__Task instructions__
Could the records below please be retyped exactly, with their pictures left out?

START Records for processing

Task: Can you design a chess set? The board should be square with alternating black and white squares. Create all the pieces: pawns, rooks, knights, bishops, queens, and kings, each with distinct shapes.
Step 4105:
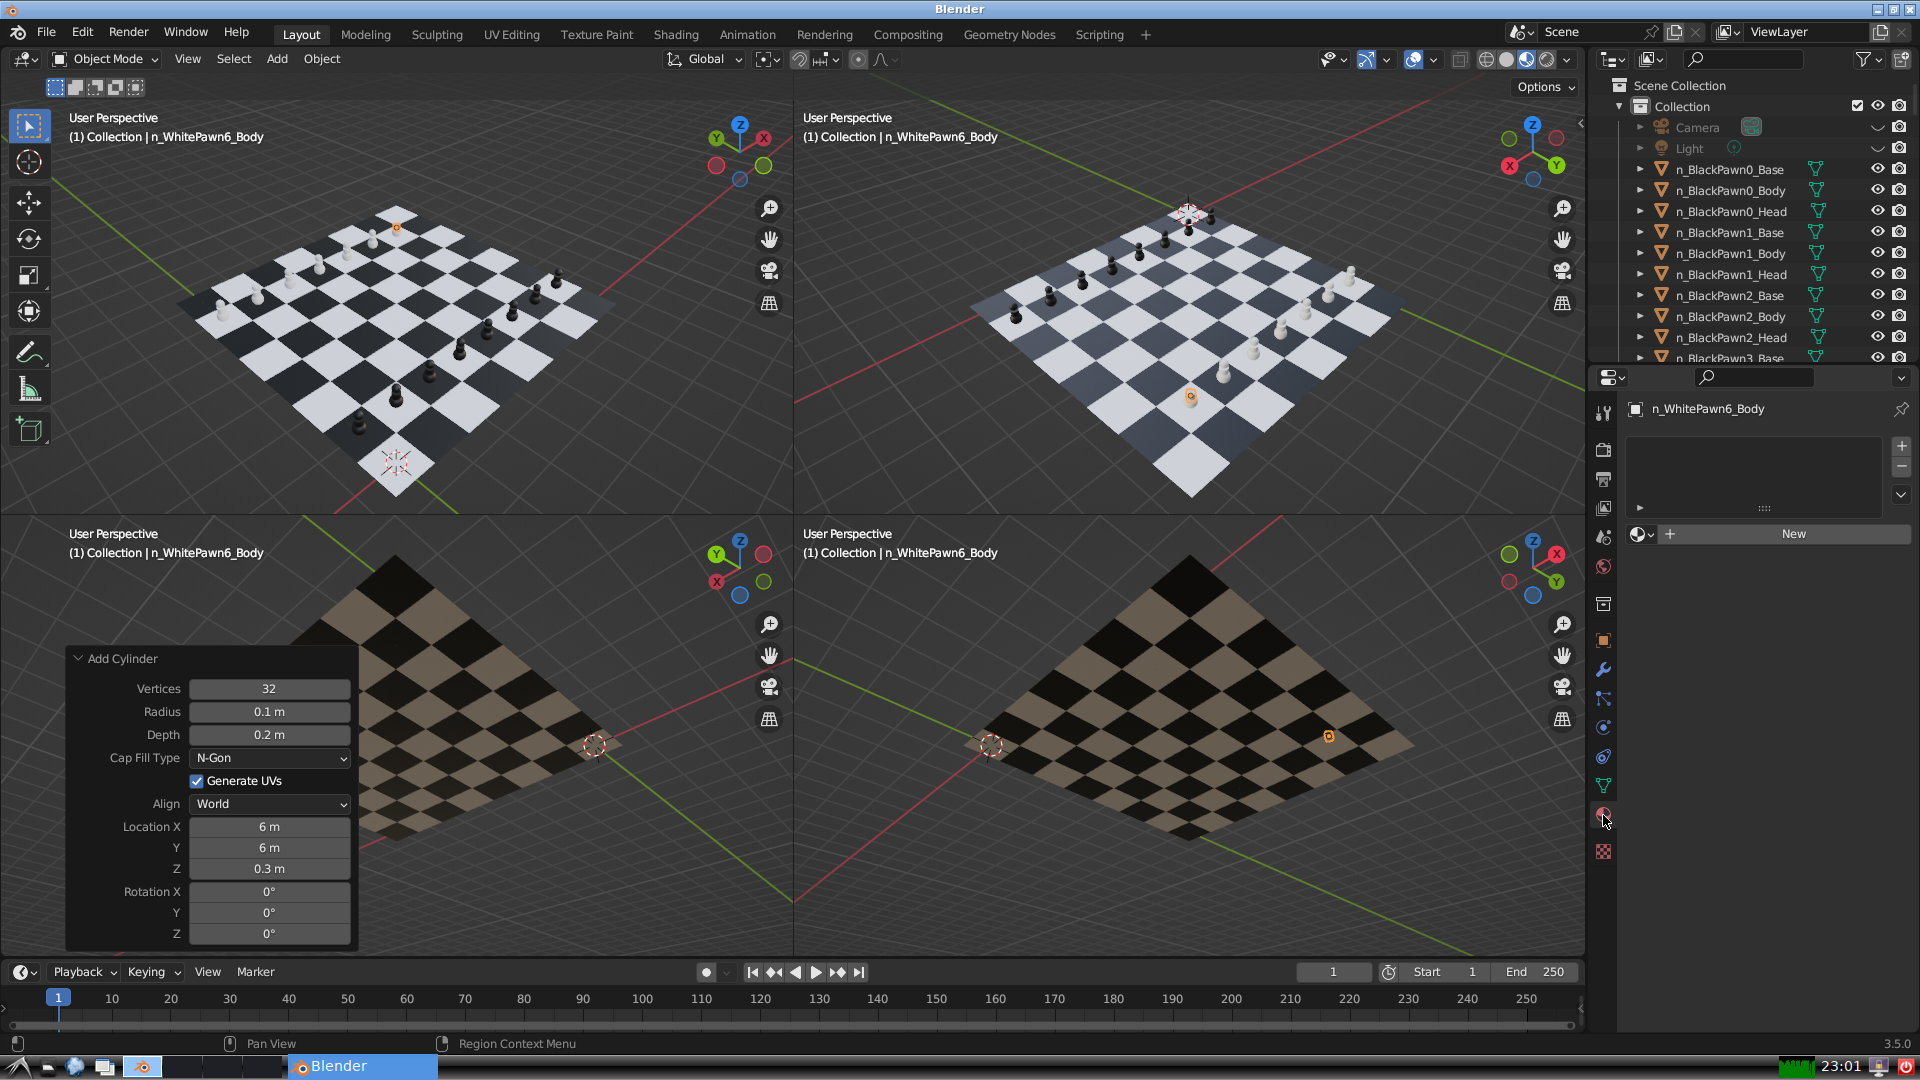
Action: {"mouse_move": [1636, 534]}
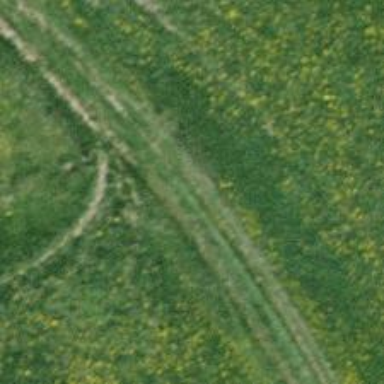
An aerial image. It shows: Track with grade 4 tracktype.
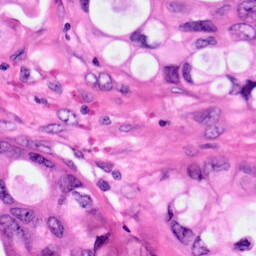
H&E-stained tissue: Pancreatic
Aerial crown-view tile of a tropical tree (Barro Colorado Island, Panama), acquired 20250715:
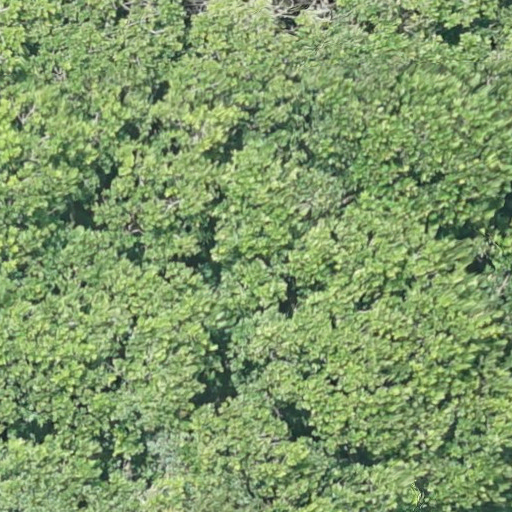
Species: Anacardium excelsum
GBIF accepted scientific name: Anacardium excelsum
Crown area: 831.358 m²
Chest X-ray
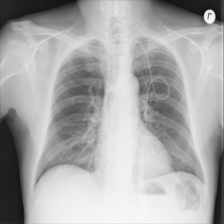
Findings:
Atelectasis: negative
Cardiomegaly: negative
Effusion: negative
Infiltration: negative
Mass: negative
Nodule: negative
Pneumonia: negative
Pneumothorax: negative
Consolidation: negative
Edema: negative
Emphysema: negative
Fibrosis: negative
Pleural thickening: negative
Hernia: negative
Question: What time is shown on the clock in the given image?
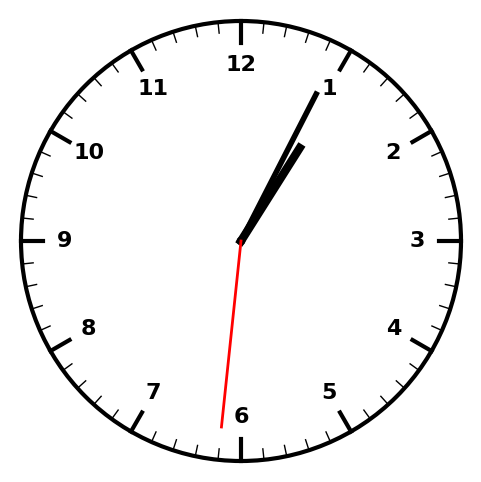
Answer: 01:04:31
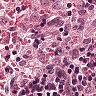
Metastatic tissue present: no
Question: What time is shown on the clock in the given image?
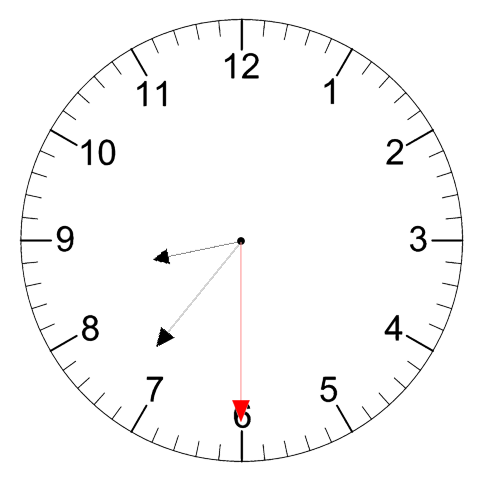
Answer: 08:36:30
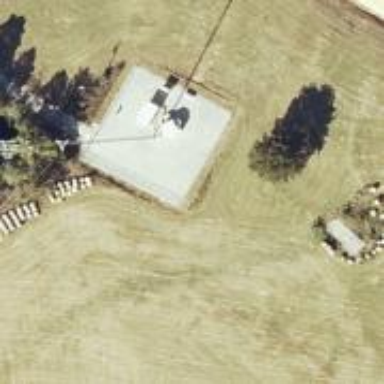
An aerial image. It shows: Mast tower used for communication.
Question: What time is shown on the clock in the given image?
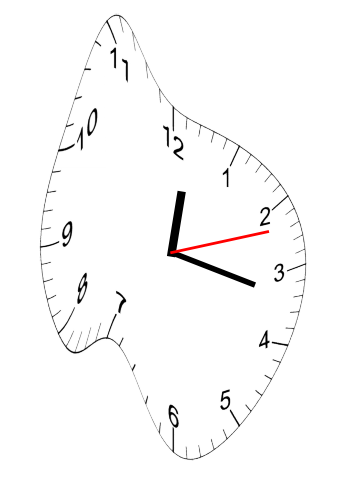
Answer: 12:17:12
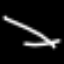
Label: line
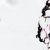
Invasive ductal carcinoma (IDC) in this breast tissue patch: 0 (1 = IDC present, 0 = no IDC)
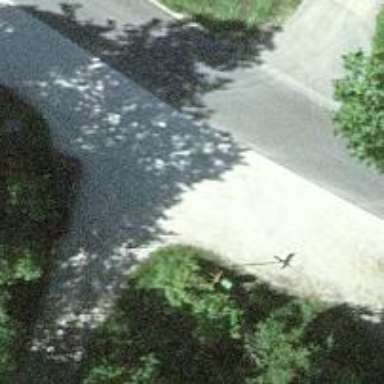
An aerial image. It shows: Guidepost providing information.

END Records for processing

__Task result__
Task: Can you design a chess set? The board should be square with alternating black and white squares. Create all the pieces: pawns, rooks, knights, bishops, queens, and kings, each with distinct shapes.
Step 4105:
Action: {"mouse_move": [1636, 534]}
An aerial image. It shows: Track with grade 4 tracktype.
H&E-stained tissue: Pancreatic
Aerial crown-view tile of a tropical tree (Barro Colorado Island, Panama), acquired 20250715:
Species: Anacardium excelsum
GBIF accepted scientific name: Anacardium excelsum
Crown area: 831.358 m²
Chest X-ray
Findings:
Atelectasis: negative
Cardiomegaly: negative
Effusion: negative
Infiltration: negative
Mass: negative
Nodule: negative
Pneumonia: negative
Pneumothorax: negative
Consolidation: negative
Edema: negative
Emphysema: negative
Fibrosis: negative
Pleural thickening: negative
Hernia: negative
Question: What time is shown on the clock in the given image?
Answer: 01:04:31
Metastatic tissue present: no
Question: What time is shown on the clock in the given image?
Answer: 08:36:30
An aerial image. It shows: Mast tower used for communication.
Question: What time is shown on the clock in the given image?
Answer: 12:17:12
Label: line
Invasive ductal carcinoma (IDC) in this breast tissue patch: 0 (1 = IDC present, 0 = no IDC)
An aerial image. It shows: Guidepost providing information.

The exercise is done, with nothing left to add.